◆ DESCRIPTION OF THE TASK: Would you repeat each line below exactly, without the pictures?

◆ Records excerpted from a collection:
—————

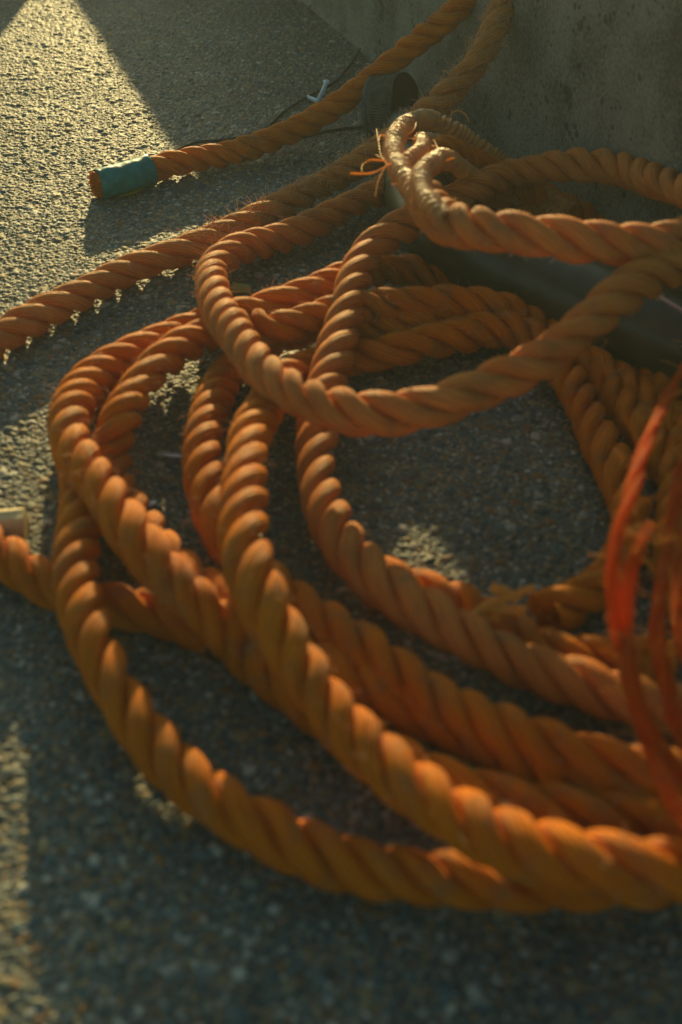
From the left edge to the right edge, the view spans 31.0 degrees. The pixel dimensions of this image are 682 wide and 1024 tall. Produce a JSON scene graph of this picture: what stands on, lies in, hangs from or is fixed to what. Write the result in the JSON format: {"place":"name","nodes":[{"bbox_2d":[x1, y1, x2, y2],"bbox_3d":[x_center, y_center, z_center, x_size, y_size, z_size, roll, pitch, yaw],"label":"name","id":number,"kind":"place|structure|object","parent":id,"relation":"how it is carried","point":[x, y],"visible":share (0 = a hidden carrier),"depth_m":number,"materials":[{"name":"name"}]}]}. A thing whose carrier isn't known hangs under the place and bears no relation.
{"place":"outdoors","nodes":[
{"label":"outdoors","id":0,"kind":"place"},
{"bbox_2d":[0,0,681,1023],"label":"ground","id":1,"kind":"structure","parent":0,"point":[130,892],"depth_m":0.66,"materials":[{"name":"grey asphalt"}]},
{"bbox_2d":[0,506,29,539],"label":"wood plug","id":2,"kind":"object","parent":1,"relation":"on","point":[14,521],"visible":0.94,"depth_m":0.69,"materials":[{"name":"beige wood"}]},
{"bbox_2d":[0,526,206,653],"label":"rope","id":3,"kind":"object","parent":1,"relation":"on","point":[28,577],"visible":0.63,"depth_m":0.64,"materials":[{"name":"orange fabric"}]},
{"bbox_2d":[119,188,143,197],"bbox_3d":[-0.184,-0.281,1.080,0.025,0.003,0.011,-28,46,-31],"label":"leaf","id":4,"kind":"object","parent":1,"relation":"on","point":[131,192],"visible":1,"depth_m":1.08,"materials":[{"name":"yellow"}]},
{"bbox_2d":[148,500,156,506],"bbox_3d":[-0.114,-0.004,0.724,0.012,0.002,0.004,-21,43,-25],"label":"paper scrap","id":5,"kind":"object","parent":1,"relation":"on","point":[153,502],"visible":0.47,"depth_m":0.72,"materials":[{"name":"white paper"}]},
{"bbox_2d":[164,454,180,456],"bbox_3d":[-0.103,-0.035,0.765,0.014,0.001,0.004,5,38,6],"label":"paper scrap","id":6,"kind":"object","parent":1,"relation":"on","point":[174,455],"visible":0.86,"depth_m":0.76,"materials":[{"name":"white paper"}]},
{"bbox_2d":[231,282,250,293],"bbox_3d":[-0.076,-0.171,0.935,0.014,0.008,0.009,11,39,14],"label":"plastic scrap","id":7,"kind":"object","parent":1,"relation":"on","point":[241,287],"visible":0.97,"depth_m":0.93,"materials":[{"name":"yellow"}]},
{"bbox_2d":[0,0,516,358],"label":"rope","id":8,"kind":"object","parent":1,"relation":"on","point":[36,316],"visible":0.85,"depth_m":1.00,"materials":[{"name":"brown fabric"}]},
{"bbox_2d":[254,272,264,281],"bbox_3d":[-0.064,-0.183,0.955,0.008,0.007,0.008,0,38,0],"label":"pebble","id":9,"kind":"object","parent":1,"relation":"on","point":[259,276],"visible":1,"depth_m":0.95,"materials":[{"name":"stone"}]},
{"bbox_2d":[175,48,360,149],"bbox_3d":[-0.051,-0.425,1.266,0.044,0.005,0.350,20,42,24],"label":"cord","id":10,"kind":"object","parent":1,"relation":"on","point":[287,108],"visible":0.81,"depth_m":1.24,"materials":[{"name":"black rubber"}]},
{"bbox_2d":[307,79,329,102],"bbox_3d":[-0.025,-0.436,1.272,0.018,0.015,0.035,12,40,15],"label":"cable tie","id":11,"kind":"object","parent":10,"relation":"attached to","point":[326,82],"visible":0.98,"depth_m":1.27,"materials":[{"name":"white plastic"}]},
{"bbox_2d":[87,0,475,199],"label":"rope","id":12,"kind":"object","parent":1,"relation":"on","point":[145,171],"visible":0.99,"depth_m":1.12,"materials":[{"name":"brown fabric"}]},
{"bbox_2d":[302,126,363,138],"bbox_3d":[-0.014,-0.369,1.196,0.102,0.005,0.010,-13,40,-16],"label":"cord","id":13,"kind":"object","parent":1,"relation":"on","point":[338,129],"visible":0.52,"depth_m":1.20,"materials":[{"name":"black rubber"}]},
{"bbox_2d":[40,250,681,839],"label":"rope","id":14,"kind":"object","parent":1,"relation":"on","point":[160,570],"visible":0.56,"depth_m":0.61,"materials":[{"name":"brown fabric"}]},
{"bbox_2d":[50,361,681,913],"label":"rope","id":15,"kind":"object","parent":1,"relation":"on","point":[228,809],"visible":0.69,"depth_m":0.52,"materials":[{"name":"orange fabric"}]},
{"bbox_2d":[91,277,680,803],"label":"rope","id":16,"kind":"object","parent":1,"relation":"on","point":[171,351],"visible":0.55,"depth_m":0.75,"materials":[{"name":"brown fabric"}]},
{"bbox_2d":[178,293,681,795],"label":"rope","id":17,"kind":"object","parent":1,"relation":"on","point":[500,727],"visible":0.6,"depth_m":0.60,"materials":[{"name":"brown fabric"}]},
{"bbox_2d":[190,171,681,436],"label":"rope","id":18,"kind":"object","parent":1,"relation":"on","point":[607,302],"visible":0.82,"depth_m":0.69,"materials":[{"name":"brown fabric"}]},
{"bbox_2d":[211,310,681,908],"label":"rope","id":19,"kind":"object","parent":1,"relation":"on","point":[505,842],"visible":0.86,"depth_m":0.56,"materials":[{"name":"brown fabric"}]},
{"bbox_2d":[295,108,681,732],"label":"rope","id":20,"kind":"object","parent":1,"relation":"on","point":[569,228],"visible":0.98,"depth_m":0.71,"materials":[{"name":"brown fabric"}]},
{"bbox_2d":[301,0,681,288],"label":"concrete wall","id":21,"kind":"structure","parent":1,"relation":"on","point":[590,76],"depth_m":0.99,"materials":[{"name":"grey concrete"}]},
{"bbox_2d":[361,72,681,386],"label":"hose","id":22,"kind":"object","parent":1,"relation":"on","point":[646,333],"visible":0.57,"depth_m":0.85,"materials":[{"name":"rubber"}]},
{"bbox_2d":[656,292,681,312],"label":"cable tie","id":23,"kind":"object","parent":22,"relation":"on","point":[667,301],"visible":0.8,"depth_m":0.77,"materials":[{"name":"white plastic"}]},
{"bbox_2d":[384,555,677,683],"bbox_3d":[0.087,0.059,0.628,0.168,0.027,0.041,16,41,19],"label":"rope","id":24,"kind":"object","parent":1,"relation":"on","point":[467,596],"visible":0.32,"depth_m":0.61,"materials":[{"name":"orange fabric"}]},
{"bbox_2d":[635,368,681,628],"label":"rope","id":25,"kind":"object","parent":1,"relation":"on","point":[661,498],"visible":0.36,"depth_m":0.71,"materials":[{"name":"orange fabric"}]},
{"bbox_2d":[588,339,681,828],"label":"strand bundle","id":26,"kind":"object","parent":25,"relation":"on","point":[664,763],"visible":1,"depth_m":0.53,"materials":[{"name":"orange fabric"}]}
]}

—————

◆ THE COMPLETED TASK:
From the left edge to the right edge, the view spans 31.0 degrees. The pixel dimensions of this image are 682 wide and 1024 tall. Produce a JSON scene graph of this picture: what stands on, lies in, hangs from or is fixed to what. Write the result in the JSON format: {"place":"name","nodes":[{"bbox_2d":[x1, y1, x2, y2],"bbox_3d":[x_center, y_center, z_center, x_size, y_size, z_size, roll, pitch, yaw],"label":"name","id":number,"kind":"place|structure|object","parent":id,"relation":"how it is carried","point":[x, y],"visible":share (0 = a hidden carrier),"depth_m":number,"materials":[{"name":"name"}]}]}. A thing whose carrier isn't known hangs under the place and bears no relation.
{"place":"outdoors","nodes":[
{"label":"outdoors","id":0,"kind":"place"},
{"bbox_2d":[0,0,681,1023],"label":"ground","id":1,"kind":"structure","parent":0,"point":[130,892],"depth_m":0.66,"materials":[{"name":"grey asphalt"}]},
{"bbox_2d":[0,506,29,539],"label":"wood plug","id":2,"kind":"object","parent":1,"relation":"on","point":[14,521],"visible":0.94,"depth_m":0.69,"materials":[{"name":"beige wood"}]},
{"bbox_2d":[0,526,206,653],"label":"rope","id":3,"kind":"object","parent":1,"relation":"on","point":[28,577],"visible":0.63,"depth_m":0.64,"materials":[{"name":"orange fabric"}]},
{"bbox_2d":[119,188,143,197],"bbox_3d":[-0.184,-0.281,1.080,0.025,0.003,0.011,-28,46,-31],"label":"leaf","id":4,"kind":"object","parent":1,"relation":"on","point":[131,192],"visible":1,"depth_m":1.08,"materials":[{"name":"yellow"}]},
{"bbox_2d":[148,500,156,506],"bbox_3d":[-0.114,-0.004,0.724,0.012,0.002,0.004,-21,43,-25],"label":"paper scrap","id":5,"kind":"object","parent":1,"relation":"on","point":[153,502],"visible":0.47,"depth_m":0.72,"materials":[{"name":"white paper"}]},
{"bbox_2d":[164,454,180,456],"bbox_3d":[-0.103,-0.035,0.765,0.014,0.001,0.004,5,38,6],"label":"paper scrap","id":6,"kind":"object","parent":1,"relation":"on","point":[174,455],"visible":0.86,"depth_m":0.76,"materials":[{"name":"white paper"}]},
{"bbox_2d":[231,282,250,293],"bbox_3d":[-0.076,-0.171,0.935,0.014,0.008,0.009,11,39,14],"label":"plastic scrap","id":7,"kind":"object","parent":1,"relation":"on","point":[241,287],"visible":0.97,"depth_m":0.93,"materials":[{"name":"yellow"}]},
{"bbox_2d":[0,0,516,358],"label":"rope","id":8,"kind":"object","parent":1,"relation":"on","point":[36,316],"visible":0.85,"depth_m":1.00,"materials":[{"name":"brown fabric"}]},
{"bbox_2d":[254,272,264,281],"bbox_3d":[-0.064,-0.183,0.955,0.008,0.007,0.008,0,38,0],"label":"pebble","id":9,"kind":"object","parent":1,"relation":"on","point":[259,276],"visible":1,"depth_m":0.95,"materials":[{"name":"stone"}]},
{"bbox_2d":[175,48,360,149],"bbox_3d":[-0.051,-0.425,1.266,0.044,0.005,0.350,20,42,24],"label":"cord","id":10,"kind":"object","parent":1,"relation":"on","point":[287,108],"visible":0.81,"depth_m":1.24,"materials":[{"name":"black rubber"}]},
{"bbox_2d":[307,79,329,102],"bbox_3d":[-0.025,-0.436,1.272,0.018,0.015,0.035,12,40,15],"label":"cable tie","id":11,"kind":"object","parent":10,"relation":"attached to","point":[326,82],"visible":0.98,"depth_m":1.27,"materials":[{"name":"white plastic"}]},
{"bbox_2d":[87,0,475,199],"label":"rope","id":12,"kind":"object","parent":1,"relation":"on","point":[145,171],"visible":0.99,"depth_m":1.12,"materials":[{"name":"brown fabric"}]},
{"bbox_2d":[302,126,363,138],"bbox_3d":[-0.014,-0.369,1.196,0.102,0.005,0.010,-13,40,-16],"label":"cord","id":13,"kind":"object","parent":1,"relation":"on","point":[338,129],"visible":0.52,"depth_m":1.20,"materials":[{"name":"black rubber"}]},
{"bbox_2d":[40,250,681,839],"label":"rope","id":14,"kind":"object","parent":1,"relation":"on","point":[160,570],"visible":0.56,"depth_m":0.61,"materials":[{"name":"brown fabric"}]},
{"bbox_2d":[50,361,681,913],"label":"rope","id":15,"kind":"object","parent":1,"relation":"on","point":[228,809],"visible":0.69,"depth_m":0.52,"materials":[{"name":"orange fabric"}]},
{"bbox_2d":[91,277,680,803],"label":"rope","id":16,"kind":"object","parent":1,"relation":"on","point":[171,351],"visible":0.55,"depth_m":0.75,"materials":[{"name":"brown fabric"}]},
{"bbox_2d":[178,293,681,795],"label":"rope","id":17,"kind":"object","parent":1,"relation":"on","point":[500,727],"visible":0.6,"depth_m":0.60,"materials":[{"name":"brown fabric"}]},
{"bbox_2d":[190,171,681,436],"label":"rope","id":18,"kind":"object","parent":1,"relation":"on","point":[607,302],"visible":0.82,"depth_m":0.69,"materials":[{"name":"brown fabric"}]},
{"bbox_2d":[211,310,681,908],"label":"rope","id":19,"kind":"object","parent":1,"relation":"on","point":[505,842],"visible":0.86,"depth_m":0.56,"materials":[{"name":"brown fabric"}]},
{"bbox_2d":[295,108,681,732],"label":"rope","id":20,"kind":"object","parent":1,"relation":"on","point":[569,228],"visible":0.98,"depth_m":0.71,"materials":[{"name":"brown fabric"}]},
{"bbox_2d":[301,0,681,288],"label":"concrete wall","id":21,"kind":"structure","parent":1,"relation":"on","point":[590,76],"depth_m":0.99,"materials":[{"name":"grey concrete"}]},
{"bbox_2d":[361,72,681,386],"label":"hose","id":22,"kind":"object","parent":1,"relation":"on","point":[646,333],"visible":0.57,"depth_m":0.85,"materials":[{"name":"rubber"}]},
{"bbox_2d":[656,292,681,312],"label":"cable tie","id":23,"kind":"object","parent":22,"relation":"on","point":[667,301],"visible":0.8,"depth_m":0.77,"materials":[{"name":"white plastic"}]},
{"bbox_2d":[384,555,677,683],"bbox_3d":[0.087,0.059,0.628,0.168,0.027,0.041,16,41,19],"label":"rope","id":24,"kind":"object","parent":1,"relation":"on","point":[467,596],"visible":0.32,"depth_m":0.61,"materials":[{"name":"orange fabric"}]},
{"bbox_2d":[635,368,681,628],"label":"rope","id":25,"kind":"object","parent":1,"relation":"on","point":[661,498],"visible":0.36,"depth_m":0.71,"materials":[{"name":"orange fabric"}]},
{"bbox_2d":[588,339,681,828],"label":"strand bundle","id":26,"kind":"object","parent":25,"relation":"on","point":[664,763],"visible":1,"depth_m":0.53,"materials":[{"name":"orange fabric"}]}
]}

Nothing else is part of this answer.